JasonKessler / scattertext

Beautiful visualizations of how language differs among document types.
Apache License 2.0
2.23k stars 287 forks source link

Labeling Issue during visualization of Scaled F-Score #128

Closed fatihbozdag closed 1 year ago

fatihbozdag commented 1 year ago

Greetings all,

I've applied scaled F-Scroe for terms associations, however, output shows 'Top NONE' rather than the actual name of the category. Yet, no issue with 'not category' with f-scaled or visualization through dispersion and frequency.

def create_corpus(df, category_col, text_col, nlp):
    return (
        st.CorpusFromPandas(df, category_col=category_col, text_col=text_col, nlp=nlp)
        .build()
        .remove_terms(_stop_words.ENGLISH_STOP_WORDS, ignore_absences=True)
        .get_unigram_corpus()
        .compact(st.AssociationCompactor(2000))
    )

corpus = create_corpus(documents, 'Topic', 'text_field', nlp)

dispersion = st.Dispersion(corpus)

dispersion_df = dispersion.get_df()

html = st.produce_scattertext_explorer(corpus,
...          category='Common_Topic',
...          category_name='Common Topic Terms',
...          not_category_name='Other Topics',
...          width_in_pixels=1000,
...          metadata=documents['Native_Language'],
             jitter=0.1,
             minimum_term_frequency=5,
             transform=st.Scalers.percentile)
open("EFL_Learners_Visualization.html", 'wb').write(html.encode('utf-8'))
Screenshot 2023-04-21 at 02 58 03

Here the labeling is correct on upper right saying Common Topic Terms, However;

from scipy.stats import hmean
term_freq_df = corpus.get_unigram_corpus().get_term_freq_df()[['Common_Topic freq', 'Other_Topics freq']]
term_freq_df = term_freq_df[term_freq_df.sum(axis=1) > 0]
term_freq_df['pos_precision'] = (term_freq_df['Common_Topic freq'] * 1. /
                                 (term_freq_df['Common_Topic freq'] + term_freq_df['Other_Topics freq']))
term_freq_df['pos_freq_pct'] = (term_freq_df['Common_Topic freq'] * 1.
                                / term_freq_df['Common_Topic freq'].sum())
term_freq_df['pos_hmean'] = (term_freq_df
                             .apply(lambda x: (hmean([x['pos_precision'], x['pos_freq_pct']])
                                               if x['pos_precision'] > 0 and x['pos_freq_pct'] > 0
                                               else 0), axis=1))
freq = term_freq_df.pos_freq_pct.values
prec = term_freq_df.pos_precision.values
html = st.produce_scattertext_explorer(
    corpus.remove_terms(set(corpus.get_terms()) - set(term_freq_df.index)),
    category='Common_Topic',
    not_category_name='Other_Topics',
    not_categories=['Other_Topics'],

    x_label='Portion of words used in common topic',
    original_x=freq,
    x_coords=(freq - freq.min()) / freq.max(),
    x_axis_values=[int(freq.min() * 1000) / 1000.,
                   int(freq.max() * 1000) / 1000.],

    y_label='Portion of documents containing words that are included in Common Topics',
    original_y=prec,
    y_coords=(prec - prec.min()) / prec.max(),
    y_axis_values=[int(prec.min() * 1000) / 1000.,
                   int((prec.max() / 2.) * 1000) / 1000.,
                   int(prec.max() * 1000) / 1000.],
    scores=term_freq_df.pos_hmean.values,

    sort_by_dist=False,
    show_characteristic=False
)
open("EFL_Learners_Visualization_F_Score.html", 'wb').write(html.encode('utf-8'))
Screenshot 2023-04-21 at 03 03 21

It says 'Top None' in the upper right corner.
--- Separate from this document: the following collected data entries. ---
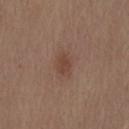{
  "biopsy_status": "not biopsied; imaged during a skin examination",
  "lighting": "white-light",
  "image": {
    "source": "total-body photography crop",
    "field_of_view_mm": 15
  },
  "patient": {
    "sex": "male",
    "age_approx": 70
  },
  "site": "mid back",
  "automated_metrics": {
    "area_mm2_approx": 4.0,
    "eccentricity": 0.7,
    "shape_asymmetry": 0.25,
    "color_variation_0_10": 1.0,
    "peripheral_color_asymmetry": 0.5,
    "lesion_detection_confidence_0_100": 100
  }
}

What is it I am missing or doing wrong?

JasonKessler commented 1 year ago

You need to set category_name = 'Common_topic' in produce_scattertext_explorer

fatihbozdag commented 1 year ago

You need to set category_name = 'Common_topic' in produce_scattertext_explorer

Sorry! How silly I am, I've missed it. I was following the sample code on the page, (here)! I've got it.